Теоретической основой курсовой работы стали труды В.Е. Хализева, Л.В. Чернец, М.М. Бахтина, Г.Н. Поспеловой, Е.М. Мелетинского, Ю.М. Лотмана и др.

Целями и задачами определяется использование таких методов исследования, как:

1) метод анализа;

2)метод сравнения;

3) метод описания;

4) метод классификации.

Исследовательская работа состоит из введения, основной теоретической и практической частей, а также заключения и списка использованной литературы.

  1. СИСТЕМА ПЕРСОНАЖЕЙ В ХУДОЖЕСТВЕННОМ ПРОИЗВЕДЕНИИ
    1. Персонаж как элемент персонажной сферы

Персонаж (от лат. persona – особа, лицо, маска) – вид художественного образа, субъект действия, переживания, высказывания в произведении. В том же значении в современном литературоведении используются словосочетания литературный герой, действующее лицо (преимущественно в драме, где список лиц традиционно следует за названием пьесы). В данном синонимическом ряду слово персонаж – наиболее нейтральное, его этимология (persona – маска, которую надевал актер в античном театре) малоощутима. Героем (от греч. heros – полубог, обожествленный человек) в некоторых контекстах неловко называть того, кто лишен героических черт («Нельзя, чтобы герой был мелок и ничтожен», – писал Буало о трагедии), а действующим лицом – бездействующее (Подколесин или Обломов).

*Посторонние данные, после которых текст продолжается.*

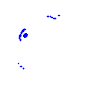
Particle: electron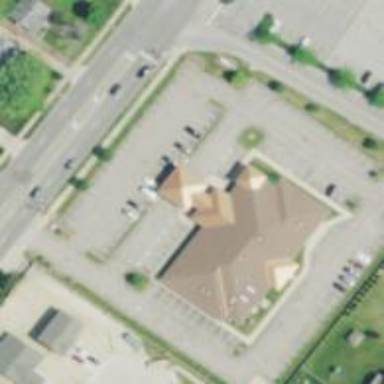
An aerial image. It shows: Clinic building.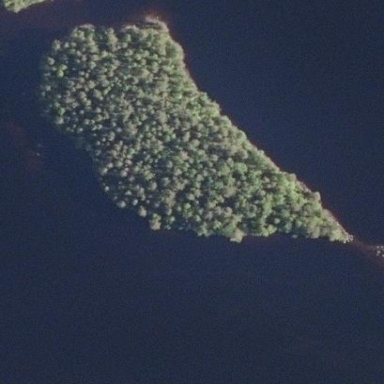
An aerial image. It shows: Islet.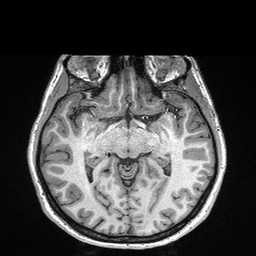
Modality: T1w
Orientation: coronal
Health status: healthy
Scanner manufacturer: siemens
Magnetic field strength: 3 T
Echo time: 0.00298 s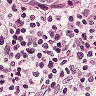
Metastatic tissue present: yes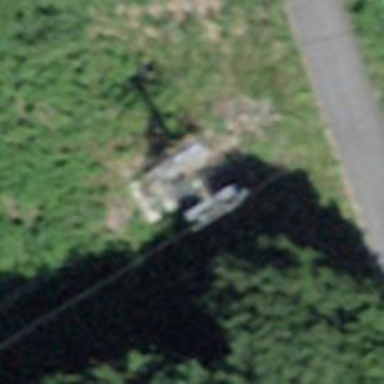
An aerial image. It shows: Pylon for aerialway.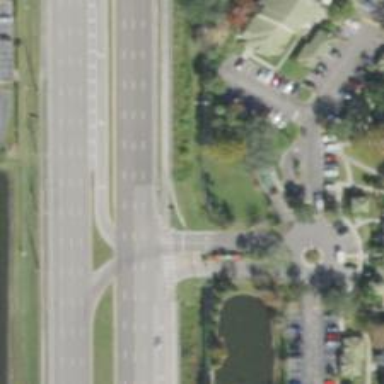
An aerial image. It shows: Marked crossing on cycleway.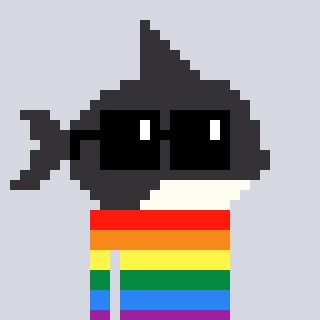
a pixel art character with square black sunglasses, a orca-shaped head and a orange-colored body on a cool background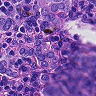
Metastatic tissue present: yes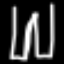
Label: pants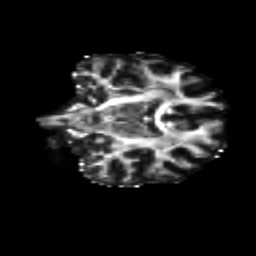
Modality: FA
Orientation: coronal
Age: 27
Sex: female
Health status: healthy
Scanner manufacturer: siemens
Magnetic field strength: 3 T
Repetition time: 8.6 s
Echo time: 0.095 s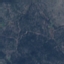
Land use / land cover class: HerbaceousVegetation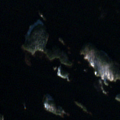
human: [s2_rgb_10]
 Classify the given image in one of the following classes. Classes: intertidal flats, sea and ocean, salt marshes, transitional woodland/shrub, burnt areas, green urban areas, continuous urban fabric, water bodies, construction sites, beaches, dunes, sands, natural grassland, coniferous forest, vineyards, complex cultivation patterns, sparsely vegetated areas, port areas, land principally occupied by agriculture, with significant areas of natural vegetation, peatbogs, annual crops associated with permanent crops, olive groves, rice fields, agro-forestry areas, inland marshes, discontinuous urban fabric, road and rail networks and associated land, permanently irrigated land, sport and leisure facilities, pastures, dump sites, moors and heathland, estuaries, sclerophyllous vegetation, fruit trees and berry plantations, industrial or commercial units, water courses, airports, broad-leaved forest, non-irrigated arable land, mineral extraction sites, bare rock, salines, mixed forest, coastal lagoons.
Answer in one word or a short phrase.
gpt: coniferous forest, mixed forest, water bodies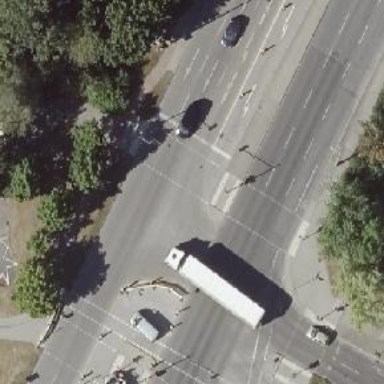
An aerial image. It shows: Footway crossing equipped with traffic signals and central island.
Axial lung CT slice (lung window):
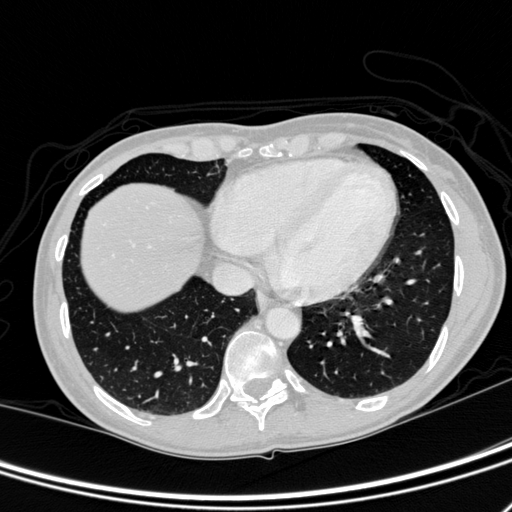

Понятие персонажа (героя, действующего лица) – важнейшее при анализе эпических и драматических произведений, где персонажи, образующие определенную систему и сюжет (система событий), составляют основу предметного мира. В эпосе героем может быть и повествователь (рассказчик), если он участвует в сюжете (Гринёв в «Капитанской дочке» А.С. Пушкина, Макар Девушкин и Варенька Добросёлова в романе Ф.М. Достоевского «Бедные люди»). В лирике же, воссоздающей, прежде всего, внутренний мир человека, персонажи (если они есть) изображаются фрагментарно, а главное – в неразрывной связи с переживаниями лирического субъекта (например, «жадно» глядящая на дорогу крестьянская девушка в стихотворении «Тройка» Н.А. Некрасова, воображаемый собеседник в стихотворении М. Цветаевой «Попытка ревности»). Иллюзия собственной жизни персонажей в лирике (по сравнению с эпосом и драмой) резко ослабевает1.

Чаще всего литературный персонаж – это человек. Степень конкретности его изображения может быть разной и зависит от многих причин: от места в системе персонажей (так, в пушкинском «Станционном смотрителе» вокруг главного героя, Самсона Вырина, сменяются эпизодические лица, в частности, в финале появляется «кривой мальчик», как бы замещающий его петербургских внуков), от рода и жанра произведения и пр. Но более всего принципы изображения, само направление детализации определяются замыслом произведения, творческим методом писателя: о второстепенном персонаже реалистической повести (например, о Гагине в «Асе» И. С. Тургенева) в биографическом, социальном плане может быть сообщено больше, чем о главном герое модернистского романа.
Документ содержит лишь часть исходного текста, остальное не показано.